White Rabbit wants to know the maximum number of cars that can be put into to ensure that there is a way that allows all cars to perform their entire journey without damage.
(update: all cars should start at the edge of the square and go towards another side, cars which start at the corner can choose either of the two directions)
For example, in a 5*5 square
legal
illegal(These two cars will collide at (4,4))
illegal (One car will go into a damaged grid)
【输入格式】
The first line of input contains two integers n and m(n <= 100000,m <= 100000)
For the next m lines,each line contains two integers x,y(1 <= x,y <= n), denoting the grid which is damaged by White Cloud.
【输出格式】
Print a number,denoting the maximum number of cars White Rabbit can put into.
【题意】
你要在一个n*n的矩形的边界上方若干辆车,所有车从同一时刻出发,以同样的速度,从某一列的一侧开到另一侧或者从某一行的一侧开到另一侧。问最多放多少量车使得存在一种方式,这些车在行驶的过程中互不相撞。(车可以视为质点)
同时还会有若干个格子被损坏车辆不能开进被损坏的格子。
注意:车只能在边界上放置,且方向必须开往对面。
【思路】
先考虑所有格子全部完好的情况,通过爆搜/脑洞,我是画了好多个图才发现答案就是2n-(n mod 2)。或者说n为奇数时答案就是(n/2)×4+1,n为偶数时答案是(n/2)×4。
之后再去考虑有损坏的格子的情况,依然还是分n为奇数和n为偶数两种情况讨论,当n为偶数的时候比较简单,如果有一个损坏的格子,那么这个格子一定挡住最优解中的两辆车,这也是画了好多图找到的规律。当然会有重复的情况,所以要计算的就是这些损坏的格子占用了多少个不同行和不同列,然后用最优解剪掉这个数就是答案。
当n为偶数的时候,如果损坏的格子不在中间那行或那列,就和偶数的情况是一样的,如果在中心的哪一行或列上但不在最中间哪一格的话会挡住至少一辆车。
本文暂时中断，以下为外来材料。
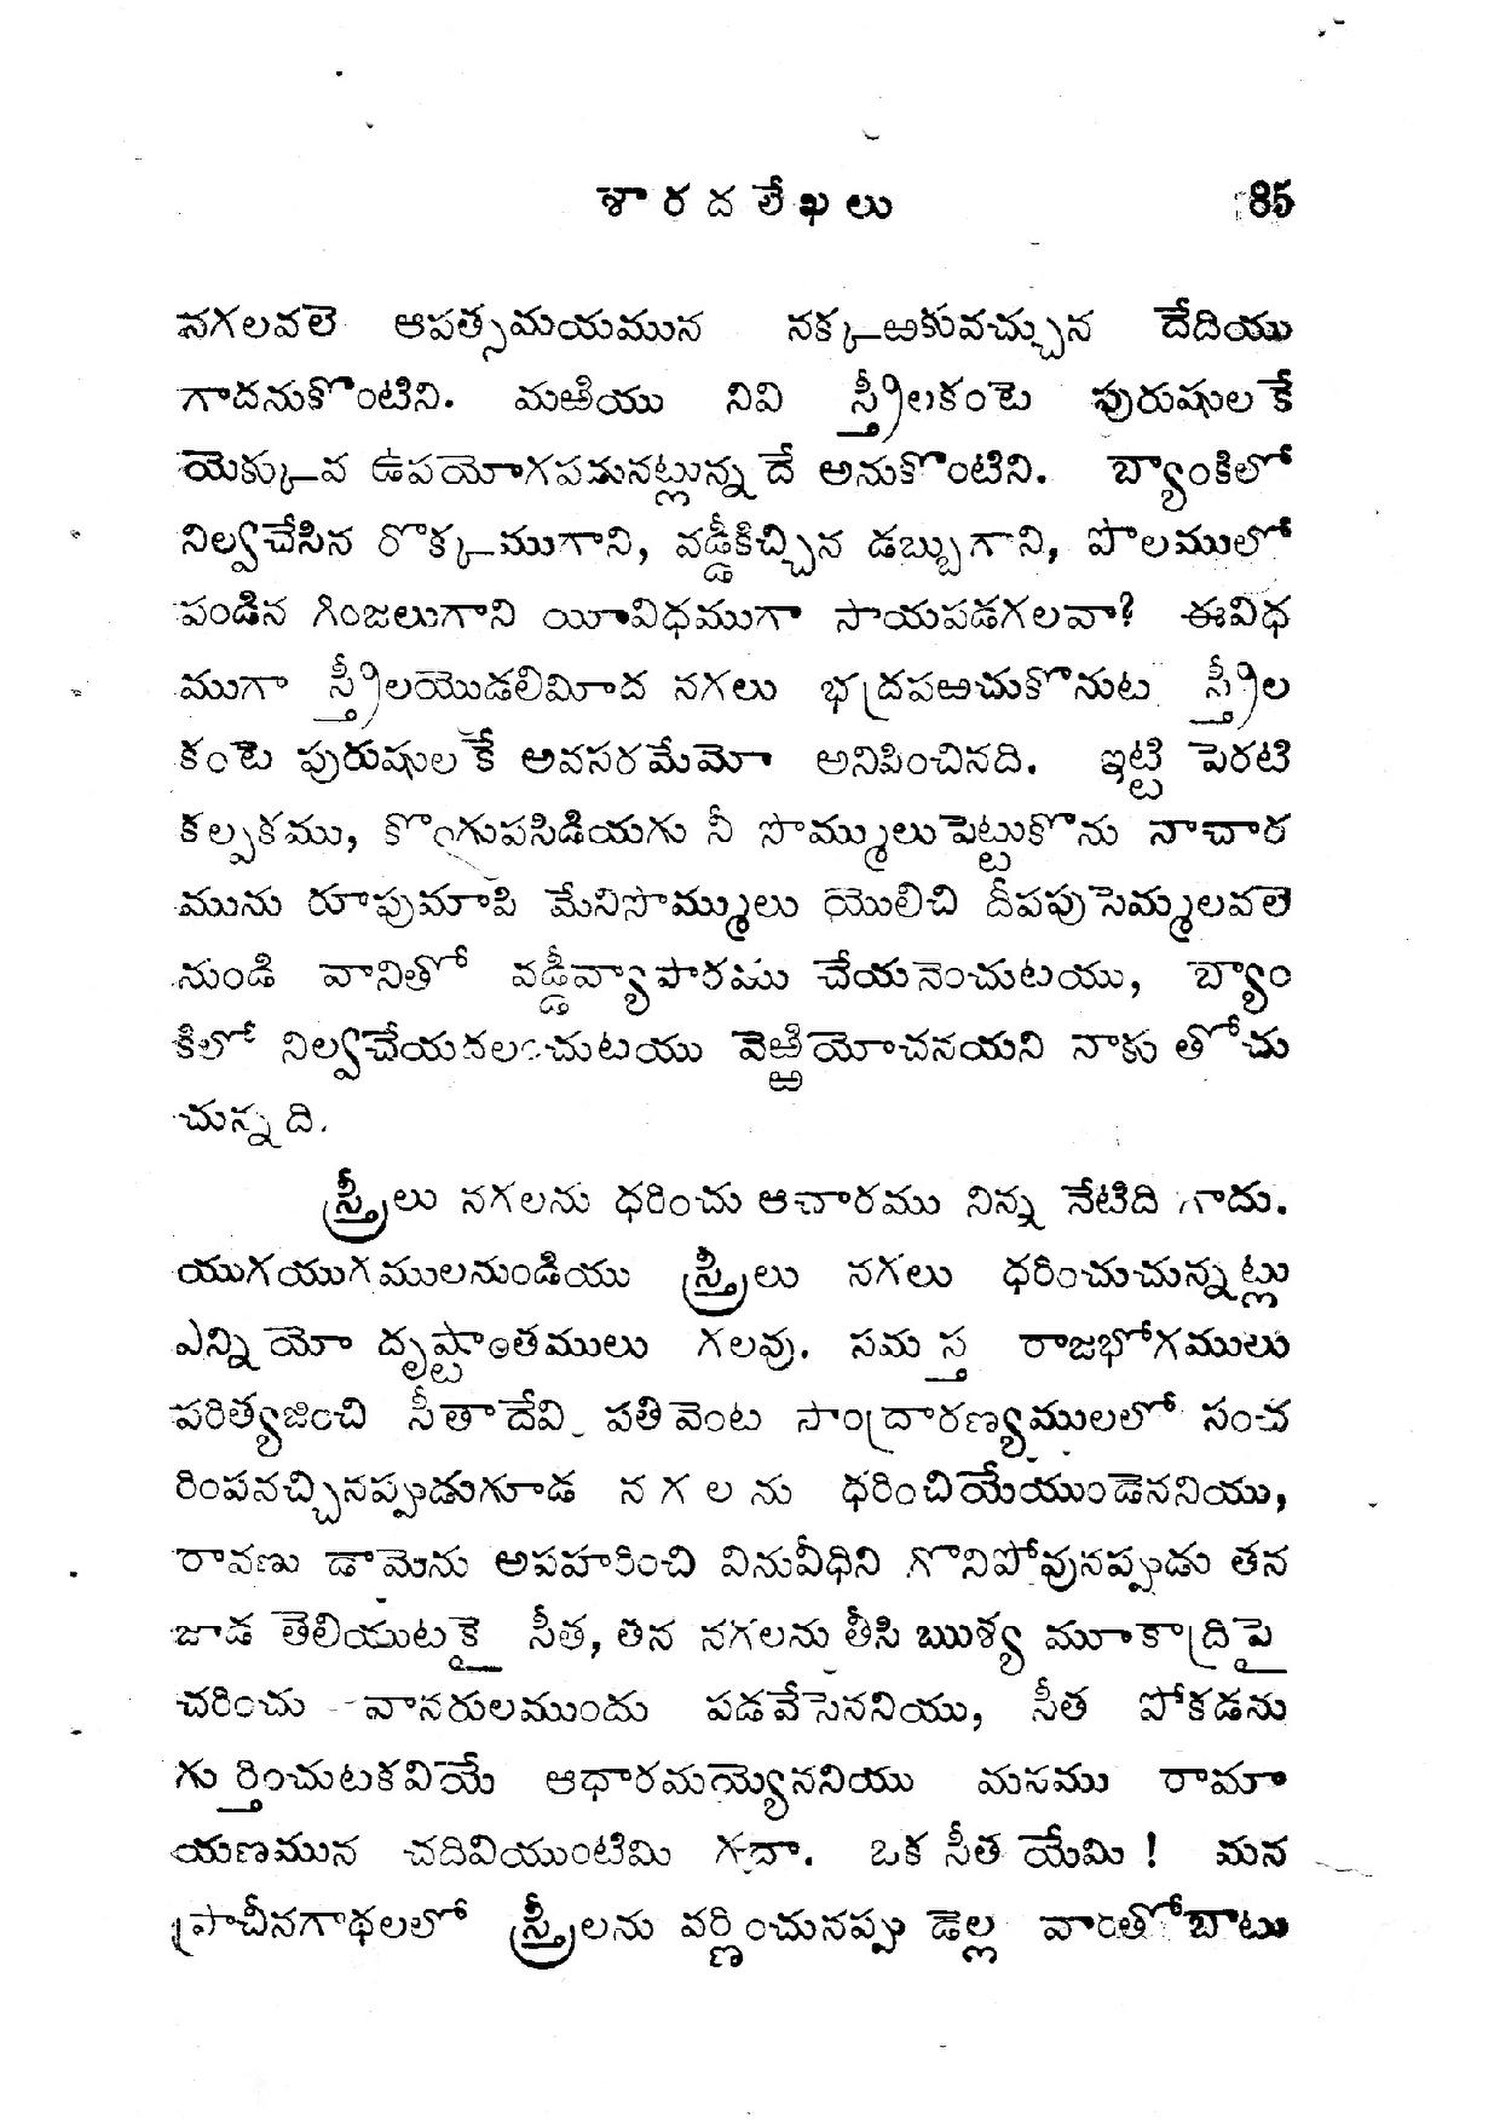నగలవలె ఆపత్సమయమున నక్క‌ఱకువచ్చున దేదియు
గాదనుకొంటిని. మఱియు నివి స్త్రీలకంటె పురుషుల కే
యెక్కువ ఉపయోగపడునట్లున్న దే అనుకొంటిని. బ్యాంకిలో
నిల్వచేసిన రొక్కముగానీ వడ్డీకిచ్చిన డబ్బుగాని, పొలములో
పండిన గింజలుగాని యీవిధముగా సాయపడగలవా? ఈవిధ
ముగా స్త్రీలయొడలిమీద నగలు భద్రపఱచుకొనుట స్త్రీల
కంటె పురుషులకే అవసరమేమో అనిపించినది. ఇట్టి పెరటి
కల్పకము, కొంగుపసిడియగు నీ సొమ్ములుపెట్టుకొను నాచార
మును రూపుమాపి మేనిసొమ్ములు యొలిచి దీపపుసెమ్మలవలె
నుండి వానితో వడ్డీవ్యాపారము చేయనెంచుటయు, బ్యాం
కీలో నిల్వచేయదలంచుటయు వెఱ్ఱియోచనయని నాకు తోచు
చున్నది.

స్త్రీలు నగలను ధరించు ఆచారము నిన్న నేటిది గాదు.
యుగయుగములనుండియు స్త్రీలు నగలు ధరించుచున్నట్లు
ఎన్ని యో దృష్టాంతములు గలవు. సమస్త రాజభోగములు
పరిత్యజించి సీతాదేవి పతివెంట సాంద్రారణ్యములలో సంచ
రింపవచ్చినప్పుడు గూడ నగలను ధరించి యేయుండెననియు,
రావణు డామెను అపహరించి వినువీధిని గొనిపోవునప్పుడు తన
జాడ తెలియుటకై సీత, తన నగలను తీసి ఋశ్య మూకాద్రిపై
చరించు వానరులముందు పడవేసెననియు, సీత పోకడను
గుర్తించుటకవియే ఆధారమయ్యెననియు మనము రామా
యణమున చదివియుంటిమి గదా. ఒక సీత యేమి ! మన
ప్రాచీనగాథలలో స్త్రీలను వర్ణించునప్పు డెల్ల వారితోబాటు

所以这里要算除了最中心的那个点以外所有的损坏点有多少不同行不同列(这里中心行和列不算在内),如果损坏点同时占用了中心行列,那么中心行列上就不能放车了,否则还可以放一辆车,所以要根据这个判断答案是否还要减1.
#include<bits/stdc++.h>
using namespace std;
typedef long long ll;
const int maxn=100050;
int n,m;
int x[maxn],y[maxn];
bool used[maxn];
bool r,c;
int main(){
while(scanf("%d%d",&n,&m)==2){
if(n&1){
r=c=false;
ll ans=(n/2)*4+1;
int mid=n/2+1;
for(int i=1;i<=m;++i){
scanf("%d%d",&x[i],&y[i]);
if(x[i]==mid) r=true;
if(y[i]==mid) c=true;
}
int cnt=0;
memset(used,0,sizeof(used));
for(int i=1;i<=m;++i){
if(x[i]==mid && y[i]==mid) continue;
if(!used[x[i]]) {
used[x[i]]=1;
if(x[i]!=mid) ++cnt;
}
}
ans-=cnt;
cnt=0;
memset(used,0,sizeof(used));
for(int i=1;i<=m;++i){
if(x[i]==mid && y[i]==mid) continue;
if(!used[y[i]]){
used[y[i]]=1;
if(y[i]!=mid) ++cnt;
}
}
ans-=cnt;
if(r&&c) --ans;
printf("%lld\n",ans);
}
else{
ll ans=(n/2)*4;
for(int i=1;i<=m;++i){
scanf("%d%d",&x[i],&y[i]);
}
int cnt=0;
memset(used,0,sizeof(used));
for(int i=1;i<=m;++i){
if(!used[x[i]]) {
used[x[i]]=1;
++cnt;
}
}
ans-=cnt;
cnt=0;
memset(used,0,sizeof(used));
for(int i=1;i<=m;++i){
if(!used[y[i]]){
used[y[i]]=1;
++cnt;
}
}
ans-=cnt;
printf("%lld\n",ans);
}
}
return 0;
}